● PROBLEM DETAILS: An exact copy of the records is required, minus the pictures they hold.
··· DATASET RECORDS
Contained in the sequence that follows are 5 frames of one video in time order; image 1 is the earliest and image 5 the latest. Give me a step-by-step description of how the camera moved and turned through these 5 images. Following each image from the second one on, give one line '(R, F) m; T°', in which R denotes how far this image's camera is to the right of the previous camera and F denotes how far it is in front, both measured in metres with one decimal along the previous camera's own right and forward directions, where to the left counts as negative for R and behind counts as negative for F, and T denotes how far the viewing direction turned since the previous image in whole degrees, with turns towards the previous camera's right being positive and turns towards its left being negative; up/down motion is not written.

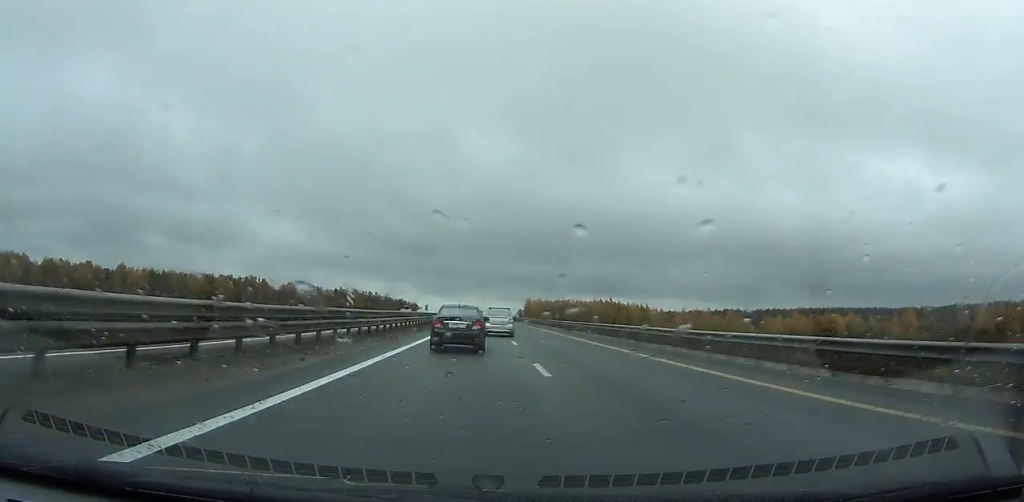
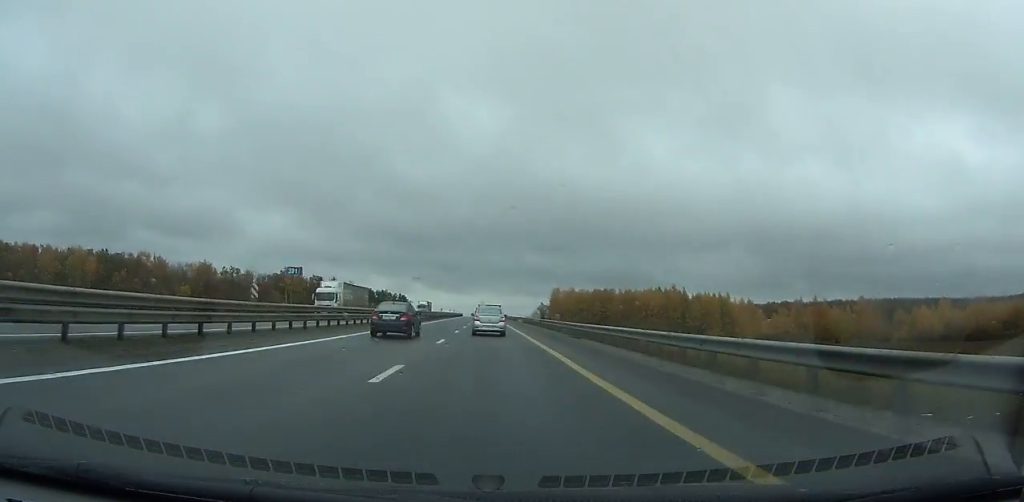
(+0.1, +118.7) m; -1°
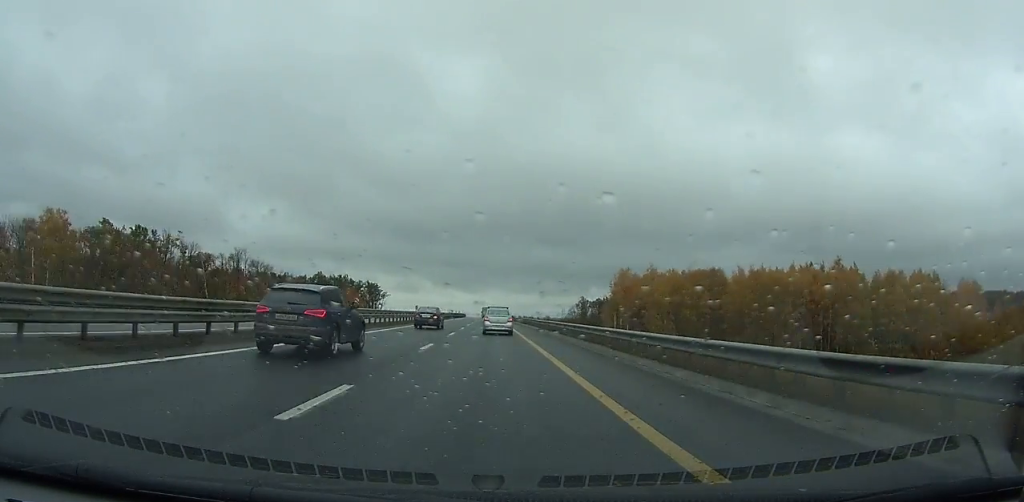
(-2.7, +130.0) m; -2°
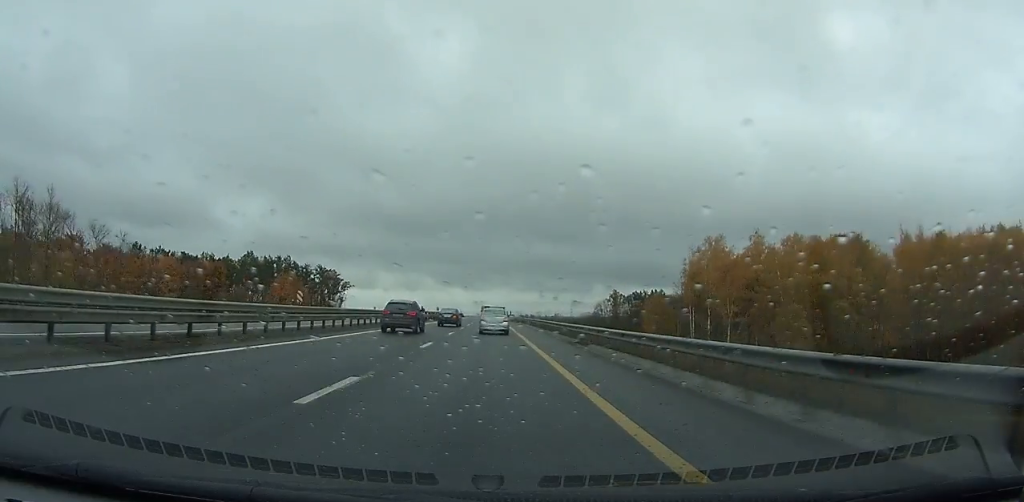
(-0.4, +68.1) m; -1°
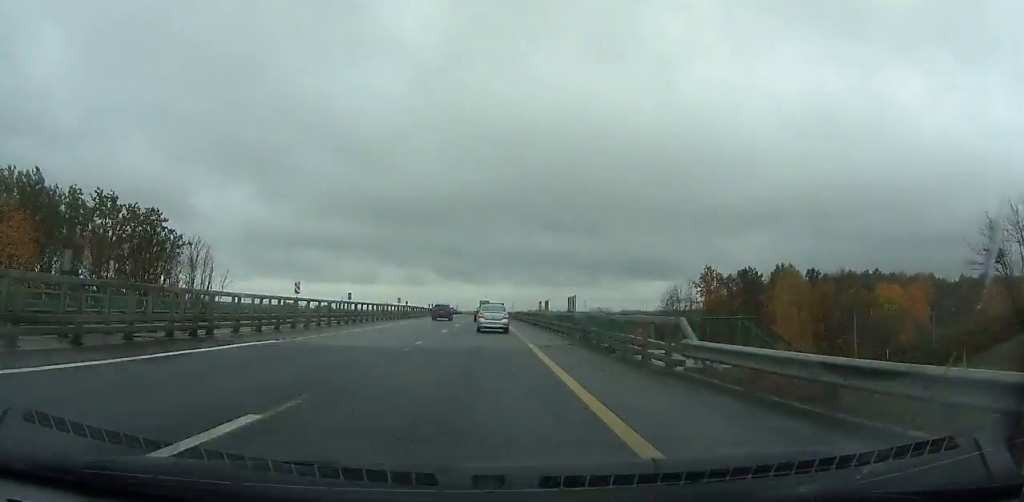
(-0.6, +96.4) m; -1°
······
● RESPONSE FOR THIS EXERCISE:
Contained in the sequence that follows are 5 frames of one video in time order; image 1 is the earliest and image 5 the latest. Give me a step-by-step description of how the camera moved and turned through these 5 images. Following each image from the second one on, give one line '(R, F) m; T°', in which R denotes how far this image's camera is to the right of the previous camera and F denotes how far it is in front, both measured in metres with one decimal along the previous camera's own right and forward directions, where to the left counts as negative for R and behind counts as negative for F, and T denotes how far the viewing direction turned since the previous image in whole degrees, with turns towards the previous camera's right being positive and turns towards its left being negative; up/down motion is not written.

(+0.1, +118.7) m; -1°
(-2.7, +130.0) m; -2°
(-0.4, +68.1) m; -1°
(-0.6, +96.4) m; -1°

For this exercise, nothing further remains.